AES Power Rankings 5th Anniversary
This year marks the 5-year anniversary of the Power Rankings. The first ranking files on my computer date back to the Fall 2011, and many iterations have taken place since then. However, the spirit of the rankings has changed very little. At its core, the rankings were developed to give the most accurate assessment of team strength in each age group from top to bottom … and not just cater to the top teams. While assessing the strength of the top teams is essential to instilling confidence in what the rankings produce, the rankings were primarily intended to help tournament directors when seeding large tournaments. As a former coach, it was always frustrating to be in a tournament where one or more 4-seeds on day one finished in the top quarter of a tournament. The rankings were created in hopes of mitigating the chances of this happening and improving the overall quality of the tournament experience for everyone.
In order to accomplish this task, I wanted to leverage the power of mathematical ranking models and machine learning algorithms, and for the most part, very little has changed with regard to this philosophy over the past 5 years. I felt this methodology was going to be more robust than other methods which subjectively assess the strength of a tournament and then assign points based off tournament finishes. The true indication of a team’s strength, in my opinion, is not just summary statistics of tournament finishes, but rather the team's entire body of work, i.e. every match played and it's score. Without a strong seeding methodology, the "tournament finish" ranking method has a high propensity to perpetuate itself in a viciously flawed cycle.
At a very high level, the club volleyball ranking problem seems very similar to other ranking challenges such as those seen in chess or collegiate sports. However, there have been some significant challenges faced in these last 5 years as the rankings have attempted to mature. These challenges can deviate rather significantly from the examples mentioned above.
Challenge #1: Growth of teams being ranked and the breaking down of some of the ranking algorithms as a result
- At the end of last year, more than 20,000 teams were ranked utilizing data from nearly 500K matches
- Since most teams play one another very infrequently, the "sparse" interaction between teams leads to challenges when trying to rank effectively.

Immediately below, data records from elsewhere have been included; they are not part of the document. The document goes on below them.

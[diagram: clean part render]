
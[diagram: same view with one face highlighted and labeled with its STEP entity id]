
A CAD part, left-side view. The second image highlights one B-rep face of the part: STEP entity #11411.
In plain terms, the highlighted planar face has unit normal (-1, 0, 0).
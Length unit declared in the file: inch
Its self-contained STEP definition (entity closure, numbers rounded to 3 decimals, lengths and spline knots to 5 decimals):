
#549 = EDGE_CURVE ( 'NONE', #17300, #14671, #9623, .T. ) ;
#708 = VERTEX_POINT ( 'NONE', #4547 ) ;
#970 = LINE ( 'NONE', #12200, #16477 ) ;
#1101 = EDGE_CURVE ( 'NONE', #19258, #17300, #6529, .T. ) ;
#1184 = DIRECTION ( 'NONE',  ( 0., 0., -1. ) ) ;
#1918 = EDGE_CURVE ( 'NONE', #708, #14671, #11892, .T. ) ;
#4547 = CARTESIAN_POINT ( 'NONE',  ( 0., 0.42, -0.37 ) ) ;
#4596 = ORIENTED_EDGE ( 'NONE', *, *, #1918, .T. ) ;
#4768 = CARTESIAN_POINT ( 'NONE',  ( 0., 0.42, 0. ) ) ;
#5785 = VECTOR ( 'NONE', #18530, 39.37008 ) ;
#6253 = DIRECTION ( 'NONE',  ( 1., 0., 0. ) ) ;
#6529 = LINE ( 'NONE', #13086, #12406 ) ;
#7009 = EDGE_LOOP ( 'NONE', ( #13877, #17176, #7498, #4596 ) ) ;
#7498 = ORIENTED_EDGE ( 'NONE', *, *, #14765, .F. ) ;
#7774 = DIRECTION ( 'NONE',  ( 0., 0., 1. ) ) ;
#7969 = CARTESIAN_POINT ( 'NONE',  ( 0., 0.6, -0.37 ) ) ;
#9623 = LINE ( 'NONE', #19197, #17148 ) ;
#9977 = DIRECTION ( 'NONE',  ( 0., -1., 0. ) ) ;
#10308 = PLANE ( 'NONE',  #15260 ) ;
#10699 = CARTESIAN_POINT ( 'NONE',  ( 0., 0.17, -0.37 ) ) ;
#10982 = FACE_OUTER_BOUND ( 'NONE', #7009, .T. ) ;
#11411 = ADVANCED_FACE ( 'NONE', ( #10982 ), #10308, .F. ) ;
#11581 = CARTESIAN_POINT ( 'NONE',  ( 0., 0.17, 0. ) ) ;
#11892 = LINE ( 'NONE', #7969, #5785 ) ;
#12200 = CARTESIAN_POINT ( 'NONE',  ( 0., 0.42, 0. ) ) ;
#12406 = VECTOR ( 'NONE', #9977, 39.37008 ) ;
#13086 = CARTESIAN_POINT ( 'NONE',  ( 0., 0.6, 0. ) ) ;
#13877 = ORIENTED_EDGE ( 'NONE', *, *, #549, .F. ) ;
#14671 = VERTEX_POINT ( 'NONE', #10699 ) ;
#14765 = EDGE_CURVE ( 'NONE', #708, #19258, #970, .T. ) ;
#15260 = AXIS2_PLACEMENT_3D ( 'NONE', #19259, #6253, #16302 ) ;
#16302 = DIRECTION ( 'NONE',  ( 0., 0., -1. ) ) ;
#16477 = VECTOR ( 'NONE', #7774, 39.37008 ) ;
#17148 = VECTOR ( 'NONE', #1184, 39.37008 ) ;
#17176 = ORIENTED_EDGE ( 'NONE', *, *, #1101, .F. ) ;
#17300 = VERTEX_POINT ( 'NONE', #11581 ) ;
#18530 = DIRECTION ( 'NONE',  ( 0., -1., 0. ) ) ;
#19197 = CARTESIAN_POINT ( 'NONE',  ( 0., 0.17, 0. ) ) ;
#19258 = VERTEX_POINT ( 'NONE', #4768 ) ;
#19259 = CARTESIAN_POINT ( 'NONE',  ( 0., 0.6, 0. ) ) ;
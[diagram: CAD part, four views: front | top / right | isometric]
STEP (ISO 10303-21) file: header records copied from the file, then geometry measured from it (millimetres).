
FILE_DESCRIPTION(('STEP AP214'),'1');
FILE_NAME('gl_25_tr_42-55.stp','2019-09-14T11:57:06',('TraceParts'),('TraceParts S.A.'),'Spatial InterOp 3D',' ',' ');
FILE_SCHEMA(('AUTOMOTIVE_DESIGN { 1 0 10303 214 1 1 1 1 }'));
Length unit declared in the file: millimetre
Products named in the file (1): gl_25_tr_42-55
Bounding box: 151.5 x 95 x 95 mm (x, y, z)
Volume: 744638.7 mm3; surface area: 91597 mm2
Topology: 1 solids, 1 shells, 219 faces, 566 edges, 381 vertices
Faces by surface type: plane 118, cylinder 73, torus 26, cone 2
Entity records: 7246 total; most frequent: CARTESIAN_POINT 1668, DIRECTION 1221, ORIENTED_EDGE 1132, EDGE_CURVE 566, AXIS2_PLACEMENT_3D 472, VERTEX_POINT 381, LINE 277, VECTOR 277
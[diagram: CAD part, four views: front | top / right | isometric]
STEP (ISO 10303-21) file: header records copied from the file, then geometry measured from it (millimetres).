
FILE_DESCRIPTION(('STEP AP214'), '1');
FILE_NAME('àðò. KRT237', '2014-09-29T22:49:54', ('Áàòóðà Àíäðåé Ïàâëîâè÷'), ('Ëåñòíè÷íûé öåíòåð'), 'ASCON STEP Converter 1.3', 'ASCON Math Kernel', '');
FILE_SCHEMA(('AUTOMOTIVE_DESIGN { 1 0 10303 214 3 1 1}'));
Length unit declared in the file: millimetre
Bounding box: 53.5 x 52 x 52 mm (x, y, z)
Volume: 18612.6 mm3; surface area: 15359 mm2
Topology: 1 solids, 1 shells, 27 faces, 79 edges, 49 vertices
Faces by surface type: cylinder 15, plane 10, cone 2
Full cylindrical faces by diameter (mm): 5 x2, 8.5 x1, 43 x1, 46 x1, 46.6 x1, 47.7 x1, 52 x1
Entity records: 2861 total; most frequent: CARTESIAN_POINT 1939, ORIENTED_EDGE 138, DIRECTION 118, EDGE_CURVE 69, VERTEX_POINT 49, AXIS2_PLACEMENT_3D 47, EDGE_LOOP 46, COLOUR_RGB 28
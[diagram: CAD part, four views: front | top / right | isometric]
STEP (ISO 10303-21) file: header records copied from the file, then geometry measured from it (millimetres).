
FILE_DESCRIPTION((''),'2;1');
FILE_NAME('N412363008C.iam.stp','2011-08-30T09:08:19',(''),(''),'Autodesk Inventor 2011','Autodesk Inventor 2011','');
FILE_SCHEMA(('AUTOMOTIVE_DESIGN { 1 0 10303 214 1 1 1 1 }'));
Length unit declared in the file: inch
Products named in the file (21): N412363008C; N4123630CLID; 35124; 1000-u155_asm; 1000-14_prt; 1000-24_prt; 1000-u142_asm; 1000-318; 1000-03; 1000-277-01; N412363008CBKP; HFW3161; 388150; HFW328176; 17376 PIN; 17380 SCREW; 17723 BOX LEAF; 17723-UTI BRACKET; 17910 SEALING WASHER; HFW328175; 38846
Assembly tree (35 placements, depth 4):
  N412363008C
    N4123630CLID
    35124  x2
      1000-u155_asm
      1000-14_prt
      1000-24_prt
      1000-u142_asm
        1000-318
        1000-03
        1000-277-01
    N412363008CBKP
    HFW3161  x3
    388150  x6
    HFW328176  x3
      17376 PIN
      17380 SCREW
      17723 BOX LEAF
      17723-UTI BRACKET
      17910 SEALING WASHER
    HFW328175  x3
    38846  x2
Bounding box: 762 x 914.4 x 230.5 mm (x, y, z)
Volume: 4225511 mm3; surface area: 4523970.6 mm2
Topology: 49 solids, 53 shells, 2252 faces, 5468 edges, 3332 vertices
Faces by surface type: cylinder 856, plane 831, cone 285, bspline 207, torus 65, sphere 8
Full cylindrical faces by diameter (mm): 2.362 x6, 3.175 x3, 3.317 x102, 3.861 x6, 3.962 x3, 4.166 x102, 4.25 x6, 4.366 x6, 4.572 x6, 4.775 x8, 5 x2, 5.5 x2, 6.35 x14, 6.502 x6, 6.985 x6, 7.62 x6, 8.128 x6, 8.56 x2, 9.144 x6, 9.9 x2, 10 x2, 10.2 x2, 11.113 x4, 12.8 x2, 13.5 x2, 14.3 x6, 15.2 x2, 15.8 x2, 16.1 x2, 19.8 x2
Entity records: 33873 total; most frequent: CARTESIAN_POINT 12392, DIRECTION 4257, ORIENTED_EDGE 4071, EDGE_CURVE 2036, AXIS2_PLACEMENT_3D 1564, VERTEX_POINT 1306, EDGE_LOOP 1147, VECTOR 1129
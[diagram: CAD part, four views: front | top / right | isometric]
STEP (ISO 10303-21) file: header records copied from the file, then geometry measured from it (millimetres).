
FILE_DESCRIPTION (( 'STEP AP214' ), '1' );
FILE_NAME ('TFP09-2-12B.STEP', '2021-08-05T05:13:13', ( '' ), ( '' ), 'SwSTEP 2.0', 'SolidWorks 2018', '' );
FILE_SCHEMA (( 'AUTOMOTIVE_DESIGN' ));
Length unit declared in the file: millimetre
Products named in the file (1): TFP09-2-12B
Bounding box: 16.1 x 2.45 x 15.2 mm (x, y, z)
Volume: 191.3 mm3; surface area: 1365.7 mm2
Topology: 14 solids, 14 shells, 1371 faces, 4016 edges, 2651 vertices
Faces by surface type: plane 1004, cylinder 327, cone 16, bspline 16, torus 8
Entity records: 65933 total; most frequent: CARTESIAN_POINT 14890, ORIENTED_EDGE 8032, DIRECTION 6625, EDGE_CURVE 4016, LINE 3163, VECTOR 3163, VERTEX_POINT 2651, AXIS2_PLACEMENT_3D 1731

Challenge #2: Assessing strength of younger age group teams who play up one or more divisions
- The rankings for the younger age groups actually utilize the results from multiple age groups in order to accurately assess the strength of the top teams. However, without going into details, older teams are not necessarily penalized in their ranking if they happen to lose to teams in younger age divisions.
Challenge #3: Accounting for strength between regions (inter-region strength) early in the season
- In technical terms, this is considered a "cold start" problem and for the most part this is a problem that has not yet been solved within the current Power Ranking infrastructure. As a result, the Power Rankings are really only worth considering after several inter-region "connections" (matches) have been played in each age group.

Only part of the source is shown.